L’appuntamento è alle 10 di sabato 19 ottobre in Piazza del Popolo a Roma. A fissarlo le categorie delle lavoratrici e dei lavoratori pubblici di Cgil e Uil. Le richieste al governo sono nette e chiare: salari dignitosi. Certo, la proposta dell’Aran di fissare al 5,75% l’aumento previsto per i rinnovi contrattuali a fronte di una inflazione di oltre il 17% dignitosa non è. Poi le sigle chiedono lo sblocco dei fondi per il salario accessorio; un piano straordinario di assunzioni, visto che alla pubblica amministrazione mancano oltre un milione di addetti; maggiori risorse per la sanità pubblica; stabilizzazione dei precari; stop alle privatizzazioni. Né nel Piano strutturale di Bblancio né nella manovra finanziaria sembrano esserci risposte.
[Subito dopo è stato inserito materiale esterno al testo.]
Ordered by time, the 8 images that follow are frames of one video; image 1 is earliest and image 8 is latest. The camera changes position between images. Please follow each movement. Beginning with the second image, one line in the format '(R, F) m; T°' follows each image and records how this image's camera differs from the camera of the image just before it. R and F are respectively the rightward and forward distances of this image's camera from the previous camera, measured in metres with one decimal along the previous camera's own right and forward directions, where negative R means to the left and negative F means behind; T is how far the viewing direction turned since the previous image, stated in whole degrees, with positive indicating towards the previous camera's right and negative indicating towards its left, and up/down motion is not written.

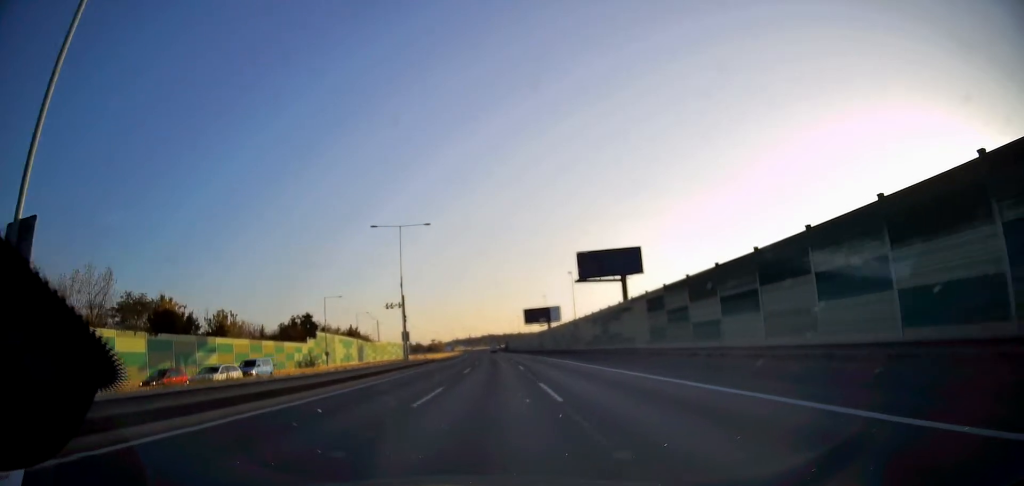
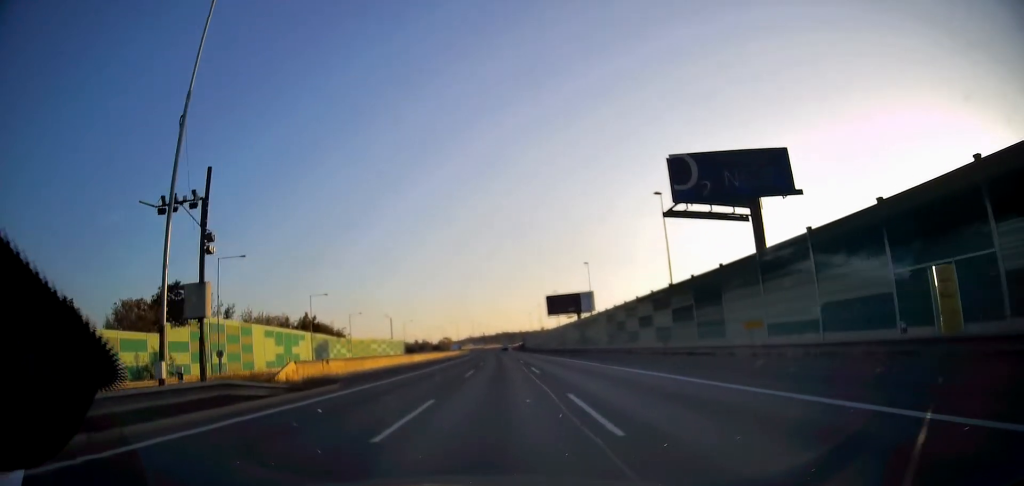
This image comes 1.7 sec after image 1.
(-0.6, +38.3) m; -2°
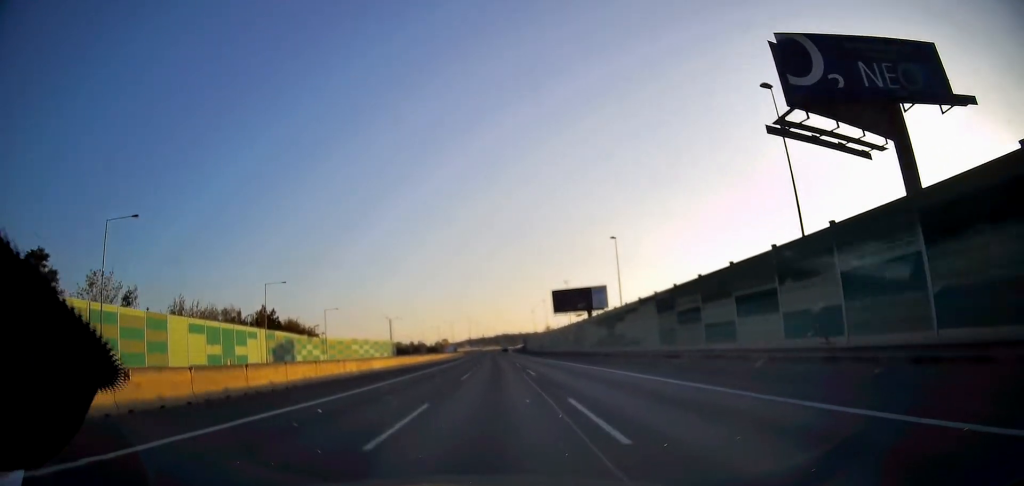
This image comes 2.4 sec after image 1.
(0.0, +17.2) m; 0°
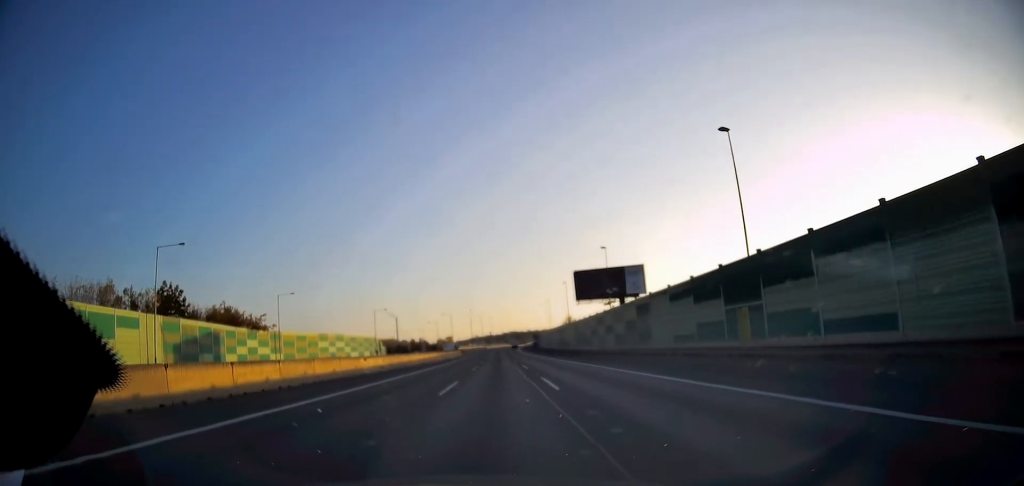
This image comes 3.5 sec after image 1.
(-0.2, +26.3) m; -1°
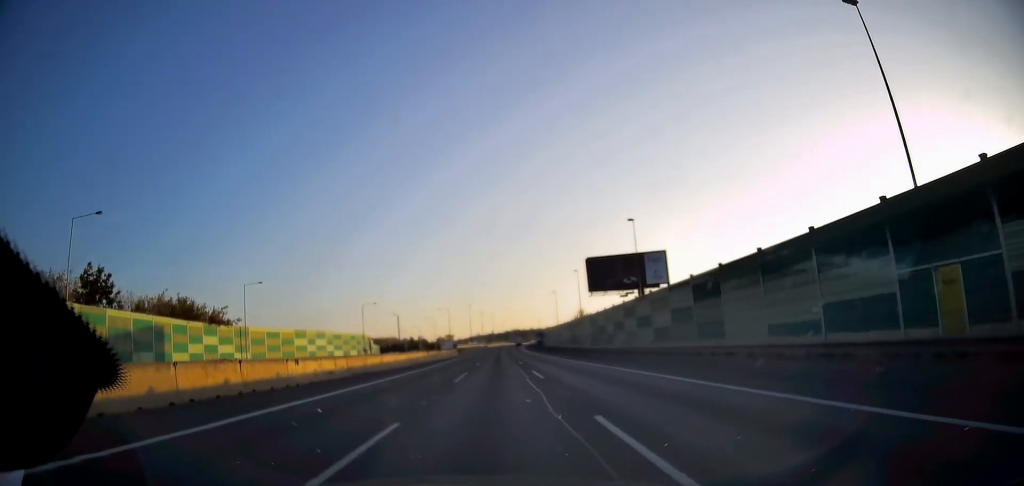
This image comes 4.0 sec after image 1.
(-0.1, +12.0) m; 0°
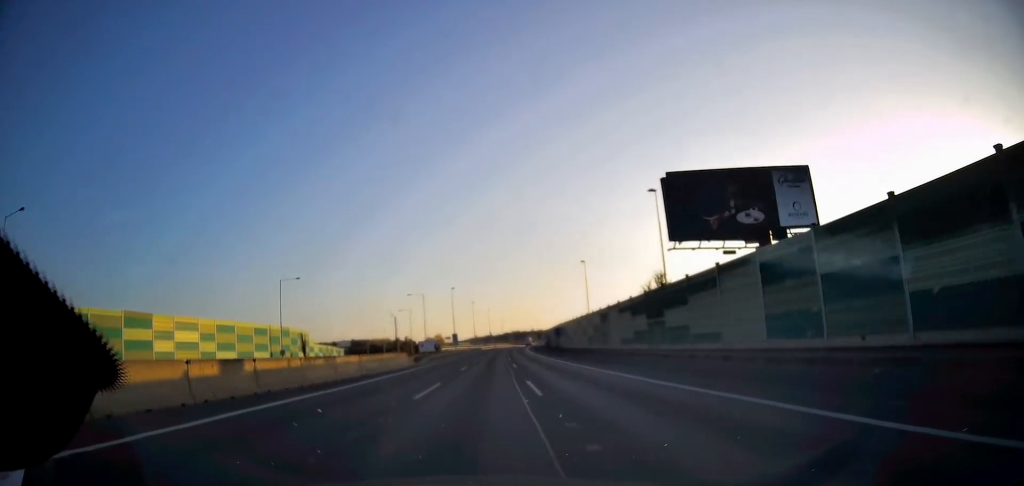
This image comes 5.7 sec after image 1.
(+0.1, +40.9) m; 0°
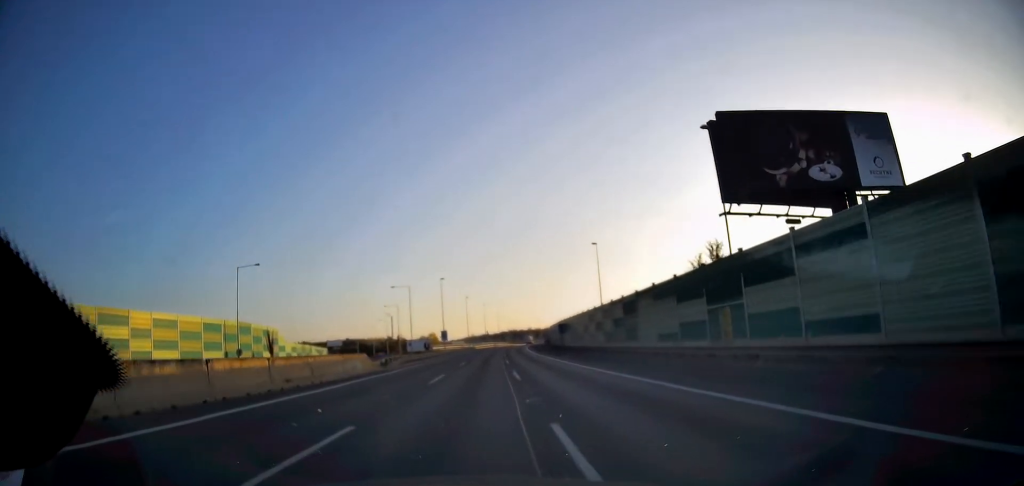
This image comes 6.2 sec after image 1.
(-0.1, +11.3) m; 0°
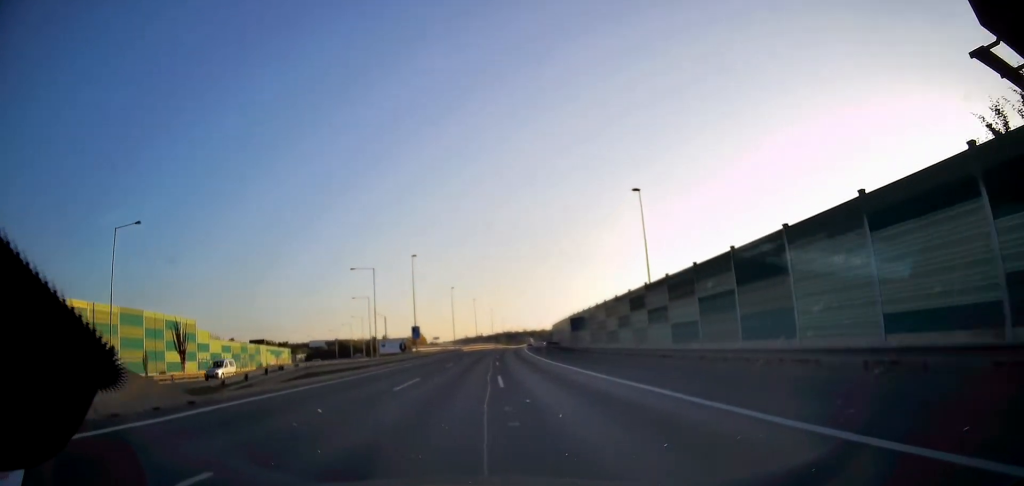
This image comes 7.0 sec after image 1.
(-0.1, +21.0) m; 0°

Serena Sorrentino, segretaria generale della Fp Cgil illustra le ragioni della mobilitazione.

Da ultimo nel Psb, ma in realtà in tutte le politiche degli ultimi due anni del governo, sembra individuarsi una strategia, il graduale ma costante restringimento del perimetro pubblico. Una promessa elettorale mantenuta?

Nel programma elettorale e di governo nessuno dei partiti della maggioranza ha affrontato né il tema del lavoro nella pubblica amministrazione, né tanto meno la qualificazione dei servizi ai cittadini. Economicità, razionalizzazione, deregolamentazione sono invece termini che compaiono per indicare la direzione di marcia, che insieme al definanziamento dei settori a partire da sanità e sociale, al mancato piano straordinario delle assunzioni e al non adeguamento dei salari dei dipendenti di tutti i servizi pubblici (che addirittura il Ministro Zangrillo rivendica come scelta), si possono tradurre con meno pubblico e più privatizzazione; cioè meno universalità e più selezione in base al reddito di chi può accedere ai servizi e chi a causa dei costi che aumentano rinuncia, come sta accadendo per il diritto alla salute.
Ci perdono lavoratori e lavoratrici pubblici, ci perdono i cittadini e le cittadine. Che idea di Paese?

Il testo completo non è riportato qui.